_YOUR ASSIGNMENT_: The data that follows is to be copied exactly, with each image removed.

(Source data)
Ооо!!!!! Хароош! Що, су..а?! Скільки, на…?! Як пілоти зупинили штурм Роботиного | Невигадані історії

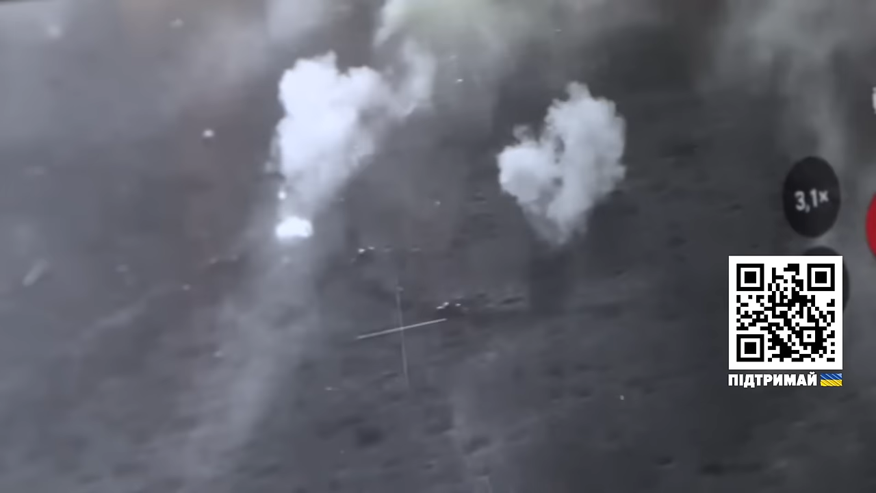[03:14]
we see indeed we see we see indeed we see he launches from pad they will hit the road
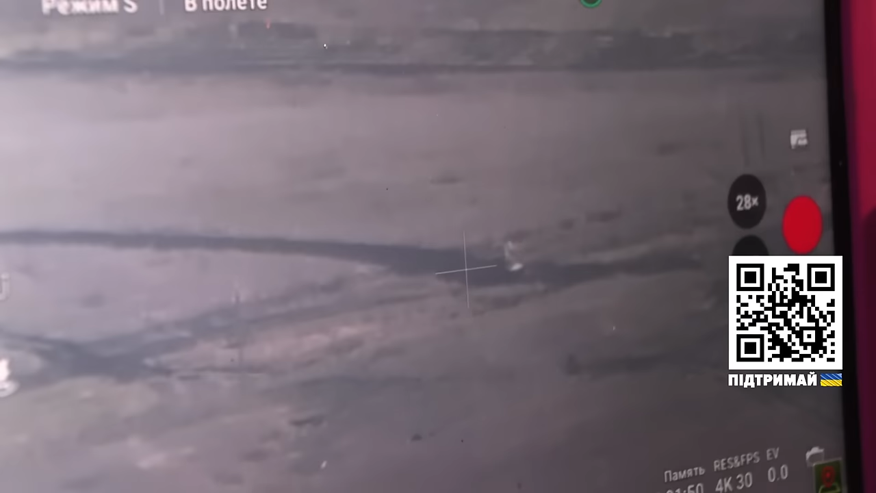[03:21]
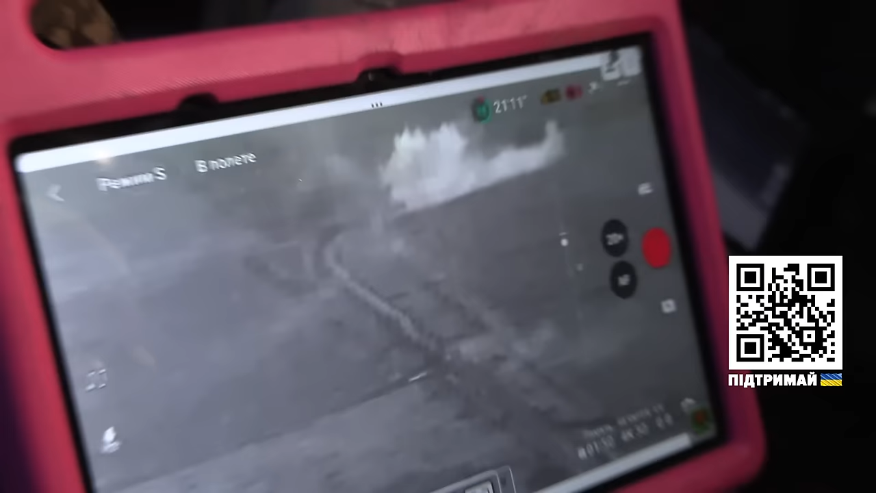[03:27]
intelligence please zoom in on the left
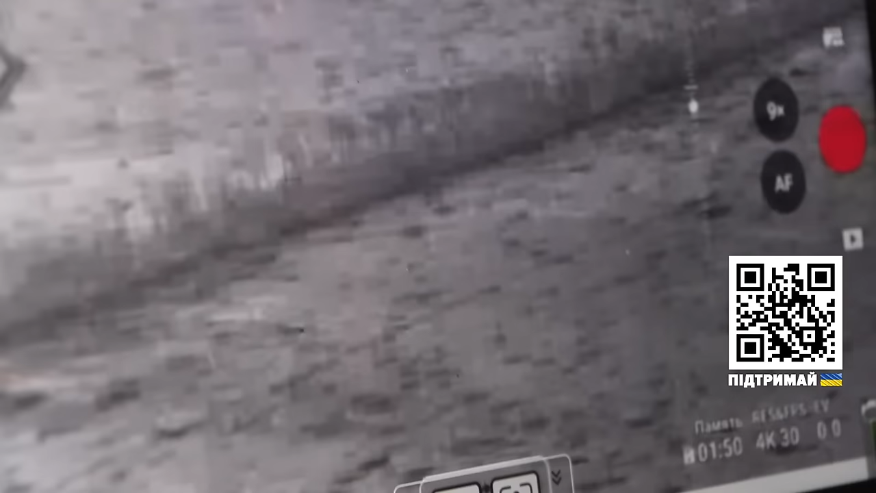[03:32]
we're pursuing the tank online artillery hasn't found it yet now fpv pilots will try
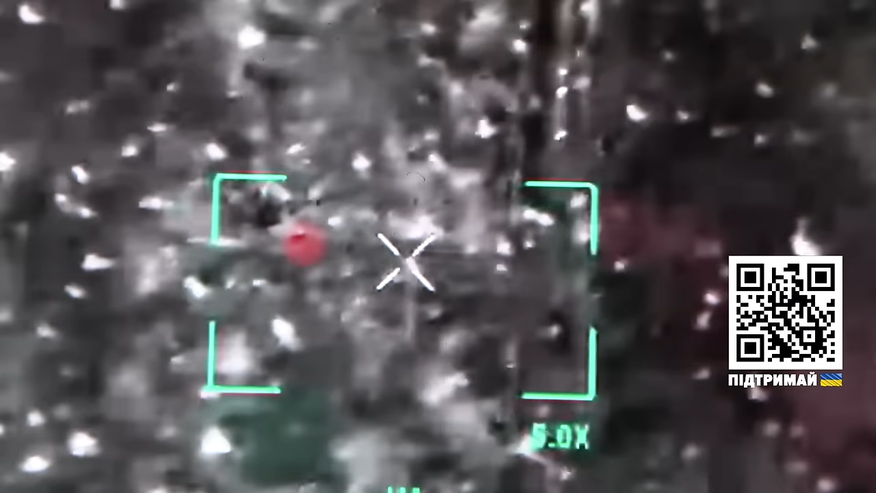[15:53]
they're running, ran do you see anything?
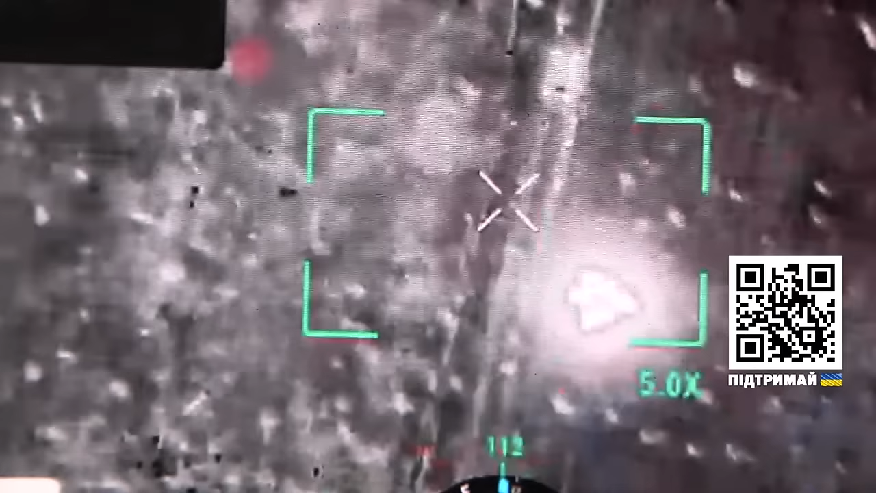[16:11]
yes, everything is perfect get explosives, targets left three Russians in a trench had something fall on them
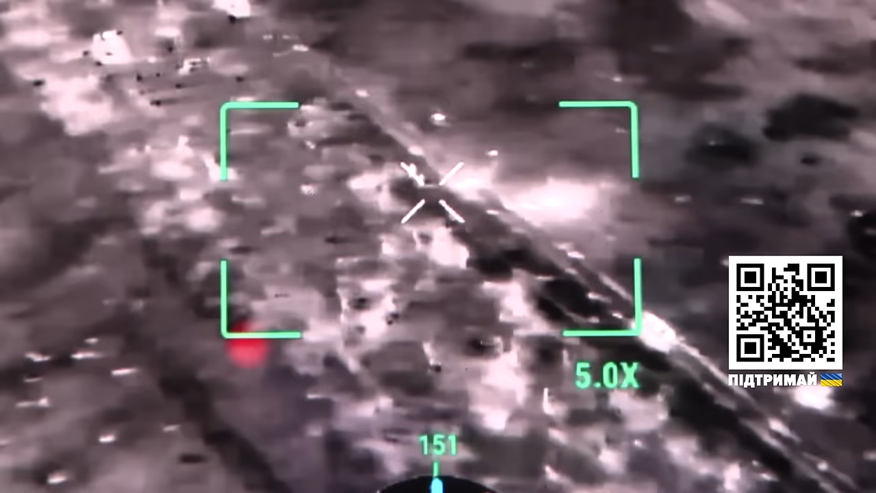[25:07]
I am capable of doing the job and I will do it first one's enough it hit the mark the other one is limping he was struck by the debris oh, they're listening
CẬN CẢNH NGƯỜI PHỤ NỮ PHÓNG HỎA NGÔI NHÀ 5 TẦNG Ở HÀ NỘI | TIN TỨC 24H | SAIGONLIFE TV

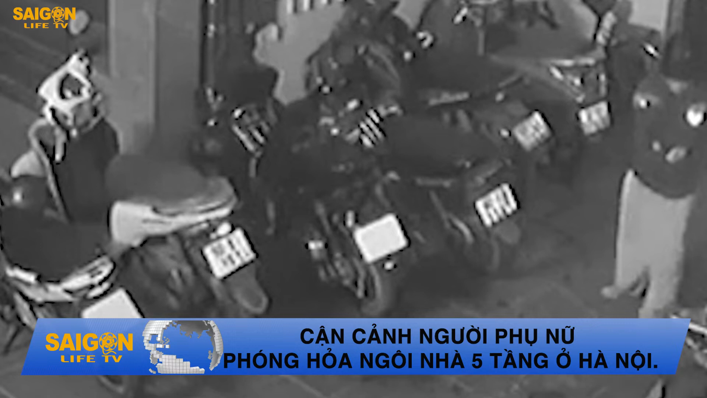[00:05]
Cần cảnh người phụ nữ phóng hỏa ngôi nhà 5 tầng ở Hà Nội Khoảng 19h06 phút ngày 31 tháng 3 năm 2022,
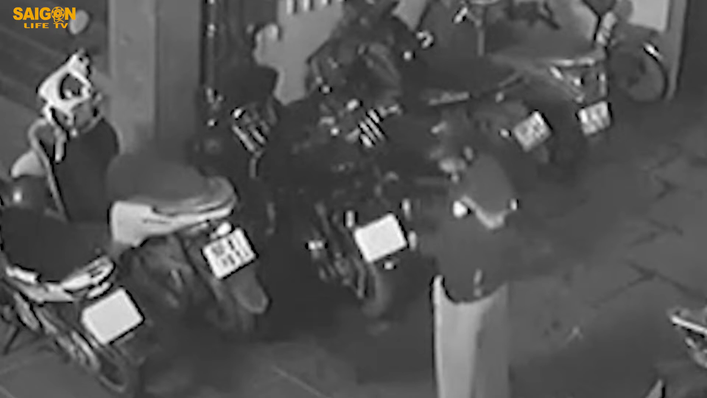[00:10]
Trung tâm Thông tin Chỉ huy Công an thành phố Hà Nội nhận được tin báo của người dân về sự việc xảy ra cháy tại địa chỉ số 4, ngõ 60, đường Phú Đô, phường Phú Đô, quận Nam Từ Liêm, Hà Nội.
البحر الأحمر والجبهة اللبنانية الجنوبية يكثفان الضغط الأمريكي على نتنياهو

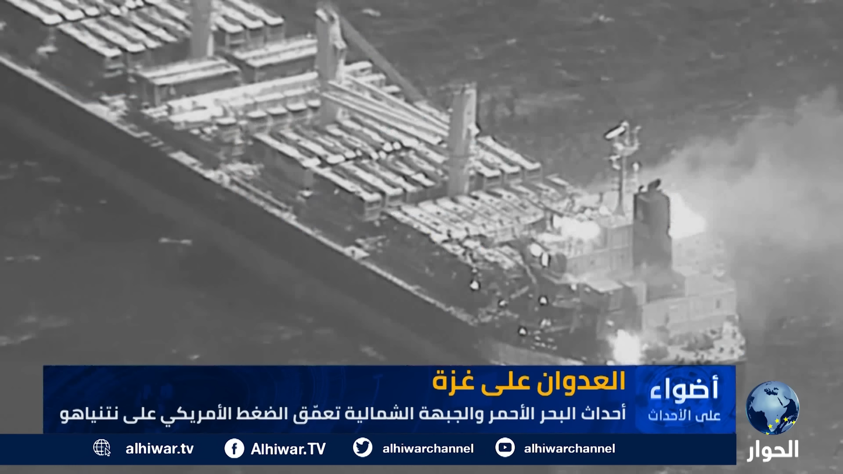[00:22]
ثلاثة منهم في حالة حرجة كما لحقت بالسفينة أضرار جسيمة في
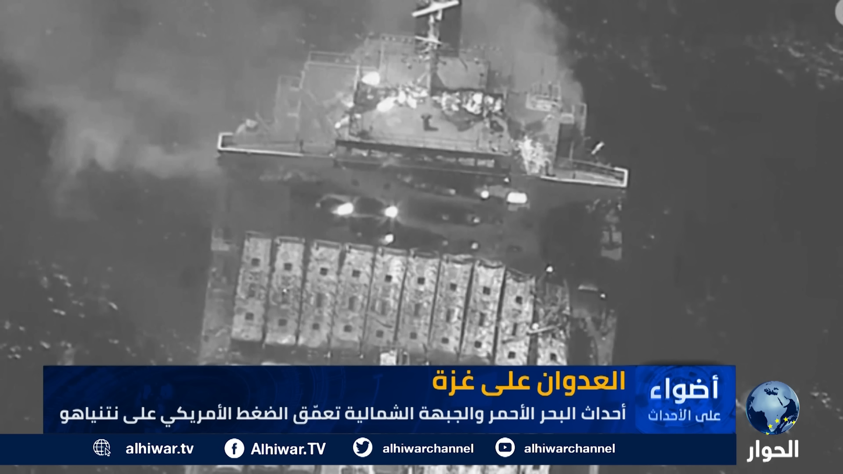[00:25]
أول ضربة للحوثيين تسفر عن سقوط ضحايا منذ بدء هجماتهم البحرية
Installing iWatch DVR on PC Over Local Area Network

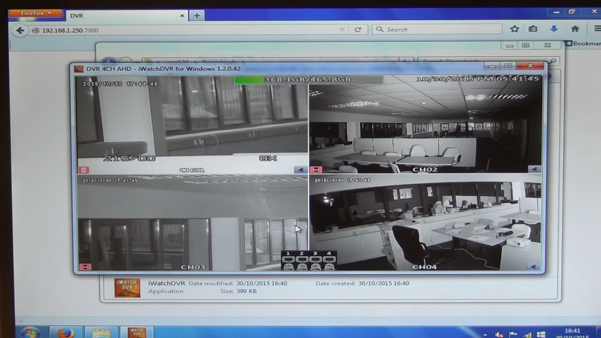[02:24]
We could type in the IP address, go directly in, log in, pull down the software onto it, put it onto a PC, and then log in. It would be exactly the same process on it. But it's just so cool and easy to be able to do this. And it's just another reason why this AHDVR is so fantastic in terms of not alone brilliant pitch quality, all the rest of it, but the ease of setup is super.
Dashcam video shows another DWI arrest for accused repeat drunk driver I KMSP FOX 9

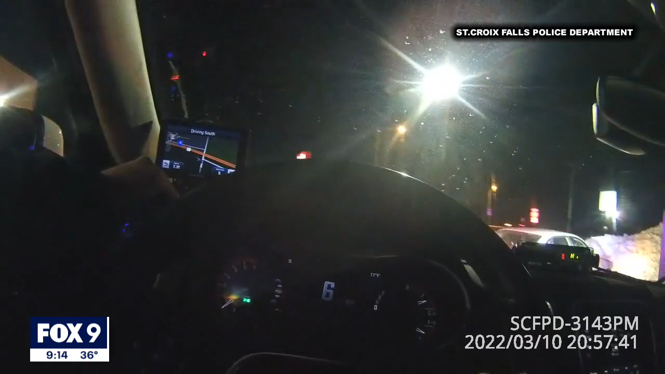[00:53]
Croix Falls, Wisconsin, pulled Phila over driving what looks like the same car from the Lindstrom crash after noticing her driving suspiciously just before 9 p.m.
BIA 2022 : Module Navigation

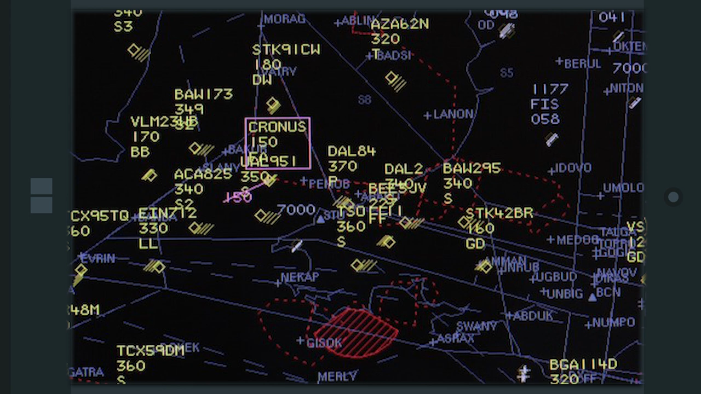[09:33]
L'identification, l'altitude ou la position. Voilà, donc l'information dont je te parle, elle apparaît sur le radar du contrôleur sous forme d'écho.
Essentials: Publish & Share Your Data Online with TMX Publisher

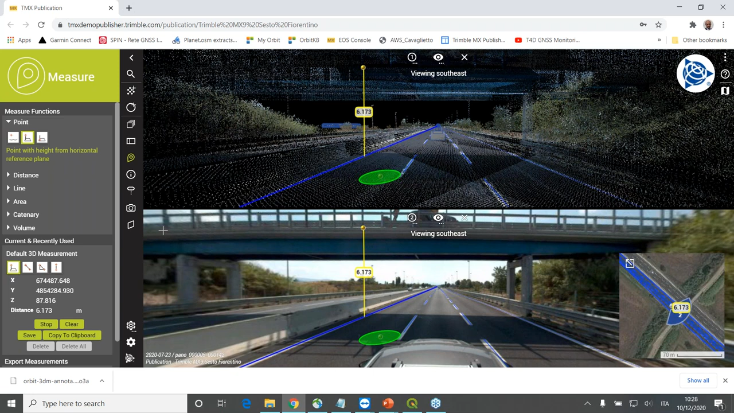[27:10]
measurement or extraction in a layer. Or if you're extracting points, actually the result of your point extractions, if you're going to save those, they are kind of stored in the cache, and then these could be, for example, downloaded as a O3M file, or could be downloaded as a KML file,
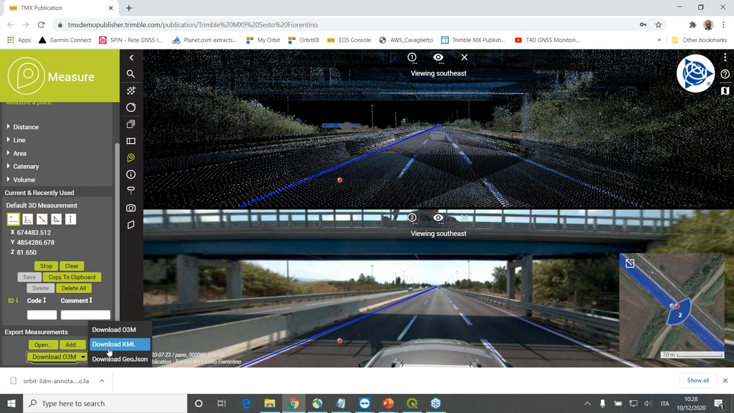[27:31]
for example, to just to upload on Google Earth, for example, to see where these objects are. But basically this is it. Basically, that's the way you can measure or extract information and export locally the file containing this information. So again, probably this is also explaining why probably we don't consider the publisher with this kind of access I'm showing you right now as a real production
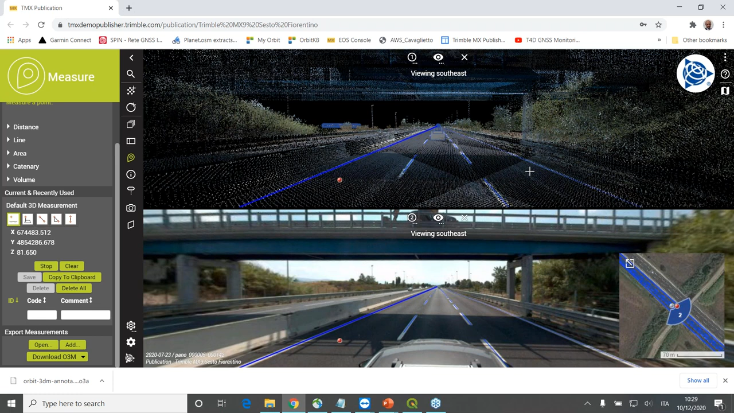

_EXPECTED OUTPUT_:
Ооо!!!!! Хароош! Що, су..а?! Скільки, на…?! Як пілоти зупинили штурм Роботиного | Невигадані історії

[03:14]
we see indeed we see we see indeed we see he launches from pad they will hit the road
[03:21]
[03:27]
intelligence please zoom in on the left
[03:32]
we're pursuing the tank online artillery hasn't found it yet now fpv pilots will try
[15:53]
they're running, ran do you see anything?
[16:11]
yes, everything is perfect get explosives, targets left three Russians in a trench had something fall on them
[25:07]
I am capable of doing the job and I will do it first one's enough it hit the mark the other one is limping he was struck by the debris oh, they're listening
CẬN CẢNH NGƯỜI PHỤ NỮ PHÓNG HỎA NGÔI NHÀ 5 TẦNG Ở HÀ NỘI | TIN TỨC 24H | SAIGONLIFE TV

[00:05]
Cần cảnh người phụ nữ phóng hỏa ngôi nhà 5 tầng ở Hà Nội Khoảng 19h06 phút ngày 31 tháng 3 năm 2022,
[00:10]
Trung tâm Thông tin Chỉ huy Công an thành phố Hà Nội nhận được tin báo của người dân về sự việc xảy ra cháy tại địa chỉ số 4, ngõ 60, đường Phú Đô, phường Phú Đô, quận Nam Từ Liêm, Hà Nội.
البحر الأحمر والجبهة اللبنانية الجنوبية يكثفان الضغط الأمريكي على نتنياهو

[00:22]
ثلاثة منهم في حالة حرجة كما لحقت بالسفينة أضرار جسيمة في
[00:25]
أول ضربة للحوثيين تسفر عن سقوط ضحايا منذ بدء هجماتهم البحرية
Installing iWatch DVR on PC Over Local Area Network

[02:24]
We could type in the IP address, go directly in, log in, pull down the software onto it, put it onto a PC, and then log in. It would be exactly the same process on it. But it's just so cool and easy to be able to do this. And it's just another reason why this AHDVR is so fantastic in terms of not alone brilliant pitch quality, all the rest of it, but the ease of setup is super.
Dashcam video shows another DWI arrest for accused repeat drunk driver I KMSP FOX 9

[00:53]
Croix Falls, Wisconsin, pulled Phila over driving what looks like the same car from the Lindstrom crash after noticing her driving suspiciously just before 9 p.m.
BIA 2022 : Module Navigation

[09:33]
L'identification, l'altitude ou la position. Voilà, donc l'information dont je te parle, elle apparaît sur le radar du contrôleur sous forme d'écho.
Essentials: Publish & Share Your Data Online with TMX Publisher

[27:10]
measurement or extraction in a layer. Or if you're extracting points, actually the result of your point extractions, if you're going to save those, they are kind of stored in the cache, and then these could be, for example, downloaded as a O3M file, or could be downloaded as a KML file,
[27:31]
for example, to just to upload on Google Earth, for example, to see where these objects are. But basically this is it. Basically, that's the way you can measure or extract information and export locally the file containing this information. So again, probably this is also explaining why probably we don't consider the publisher with this kind of access I'm showing you right now as a real production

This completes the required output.